El día 30 de enero de 2010, en una vivienda ubicada en dicho fraccionamiento, se celebraba una fiesta a la que asistieron jóvenes, en su mayoría menores de edad, quienes a falta de espacios de entretenimiento (la mayoría de antros y centros nocturnos cerraron, fueron quemados, o eran extorsionados) recurrieron, como toda la gente, a convivir en el interior de sus casas. Todo parecía normal, dentro de la normalidad aparente de la ciudad, cuando un comando armado de sicarios irrumpió en la calle Villas del Portal, cerró las calles aledañas y se dispuso a asesinar a sangre fría a 13 de los asistentes a la fiesta, herir a 12 más y cargar finalmente con un saldo de 15 personas muertas.

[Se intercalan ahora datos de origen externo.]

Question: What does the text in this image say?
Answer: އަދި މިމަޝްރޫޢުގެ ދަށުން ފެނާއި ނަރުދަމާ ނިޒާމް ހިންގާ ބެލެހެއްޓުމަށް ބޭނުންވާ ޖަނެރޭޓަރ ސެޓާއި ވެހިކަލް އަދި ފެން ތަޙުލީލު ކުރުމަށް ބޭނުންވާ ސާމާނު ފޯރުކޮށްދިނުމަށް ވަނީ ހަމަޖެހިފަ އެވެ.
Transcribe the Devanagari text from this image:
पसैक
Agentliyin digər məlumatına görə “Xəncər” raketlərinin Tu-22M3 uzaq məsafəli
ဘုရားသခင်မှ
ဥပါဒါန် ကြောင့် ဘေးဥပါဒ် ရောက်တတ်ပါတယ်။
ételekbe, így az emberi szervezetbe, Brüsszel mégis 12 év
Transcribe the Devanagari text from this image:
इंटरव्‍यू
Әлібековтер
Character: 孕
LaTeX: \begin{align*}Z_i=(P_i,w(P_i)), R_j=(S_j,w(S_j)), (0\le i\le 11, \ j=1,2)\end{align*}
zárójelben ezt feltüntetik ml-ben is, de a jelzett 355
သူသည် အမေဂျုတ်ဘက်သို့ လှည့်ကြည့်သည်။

El panorama semejaba una película de terror, la sangre cubría paredes, muebles y corría de la casa hacia la calle. Las víctimas, entre ellas una muchacha de apenas 17 años, fueron auxiliadas por vecinos y por los sobrevivientes a la masacre, pero fue en vano. Esta situación era un referente de la ciudad y de la forma de actuar del crimen organizado. Al lugar de los hechos llegaron las fuerzas del estado, que se encontraban cerca del lugar, no a enfrentarse a los atacantes, sino a acordonar el lugar, mostrando con ello su labor. El discurso del gobierno, incluso del mismo Calderón, fue que dicho acontecimiento, como pretenden con el de los 43 normalistas de Ayotzinapa, se trataba de un ajuste de cuentas, un enfrentamiento entre grupos delictivos, un resultado más de su cruzada contra los narcotraficantes.

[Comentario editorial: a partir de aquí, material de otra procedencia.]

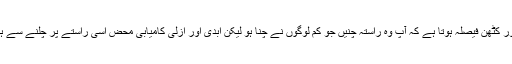
بظاہر یہ ایک مُشکل اور کٹھن فیصلہ ہوتا ہے کہ آپ وُہ راستہ چُنیں جو کم لوگوں نے چُنا ہو لیکن ابدی اور ازلی کامیابی محض اِسی راستے پر چلنے سے ہی حاصِل ہوسکتی ہے۔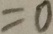
= 0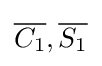
{\overline {C_{1}}},{\overline {S_{1}}}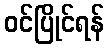
ဝင်ပြိုင်ရန်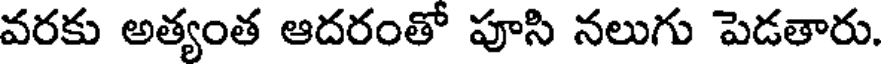
వరకు అత్యంత ఆదరంతో పూసి నలుగు పెడతారు.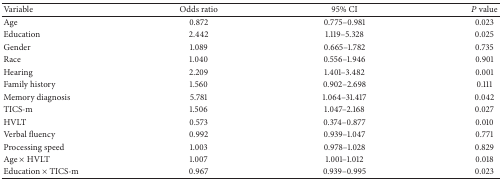
| Variable | Odds ratio | 95% CI | P value |
 | --- | --- | --- | --- |
 | Age | 0.872 | 0.775–0.981 | 0.023 |
 | Education | 2.442 | 1.119–5.328 | 0.025 |
 | Gender | 1.089 | 0.665–1.782 | 0.735 |
 | Race | 1.040 | 0.556–1.946 | 0.901 |
 | Hearing | 2.209 | 1.401–3.482 | 0.001 |
 | Family history | 1.560 | 0.902–2.698 | 0.111 |
 | Memory diagnosis | 5.781 | 1.064–31.417 | 0.042 |
 | TICS-m | 1.506 | 1.047–2.168 | 0.027 |
 | HVLT | 0.573 | 0.374–0.877 | 0.010 |
 | Verbal fluency | 0.992 | 0.939–1.047 | 0.771 |
 | Processing speed | 1.003 | 0.978–1.028 | 0.829 |
 | Age × HVLT | 1.007 | 1.001–1.012 | 0.018 |
 | Education × TICS-m | 0.967 | 0.939–0.995 | 0.023 |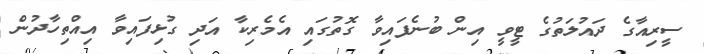
ސީރިއާގެ ދައުލަތުގެ ޓީވީ އިން ބުނެފައިވާ ގޮތުގައި އެމެރިކާ އަދި ގުޅިފައިވާ އިއްތިހާދުން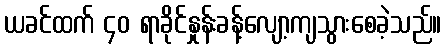
ယခင်ထက် ၄၀ ရာခိုင်နှုန်းခန့်လျော့ကျသွားစေခဲ့သည်။

Aunque criticado en su momento, el gobierno del PAN avanzó con la militarización y las matanzas en algunas ciudades del norte del país. Tras cinco años de la tragedia, ya no es el mismo Juárez, aunque hay tranquilidad y no se viven las épocas de “la guerra contra el narcotráfico”, aún no se vislumbra justicia por los asesinatos. El caso de Villas de Salvárcar viene a ser uno de los muchos casos más que permanecen, y permanecerán, sin justicia, sepultados en la impunidad debido a la indiferencia del Estado, convirtiendo a éste en cómplice de las atrocidades sucedidas aquel día.

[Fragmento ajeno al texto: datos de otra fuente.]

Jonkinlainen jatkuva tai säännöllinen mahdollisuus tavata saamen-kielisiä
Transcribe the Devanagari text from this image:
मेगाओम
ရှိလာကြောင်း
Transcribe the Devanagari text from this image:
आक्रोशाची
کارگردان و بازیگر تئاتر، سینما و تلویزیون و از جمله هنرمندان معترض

Los catorce núcleos familiares impactados directamente por las pérdidas de sus familiares viven actualmente con problemas de salud, producto del dolor ocasionado, sobrellevando la vida y hundidos en la tristeza. Más aún, sin una respuesta del gobierno, seis de las familias se quedaron sin sustento, pues algunos abandonaron el trabajo debido a la depresión y otros a causa de la pérdida de quienes fueran en vida el sustento de sus familias. Después de una larga espera, las familias recibieron una indemnización de $40,000 como reparación del daño por parte del Tribunal Estatal además del entierro de sus familiares.
Las familias destrozadas, además de cargar con la pena que les ocasionó la pérdida de sus seres queridos, niños todavía algunos de ellos, viven ahora las consecuencias de ser gente humilde, en el lugar equivocado, en el sitio equivocado, que un día sin pedirlo ni esperarlo, sufrieron en vida las consecuencias de la miseria, de la pobreza, producto de políticas burguesas donde las vidas de sus parientes valen la indignante suma de $40,000.
Desde La Izquierda Diario exigimos justicia por las víctimas, exigimos el derecho a la vida de nuestra clase, la clase trabajadora, porque desafortunadamente vivimos en un país donde es crimen y castigo pertenecer a la clase que da la vida por los de arriba, mientras entierra a los suyos, los de abajo.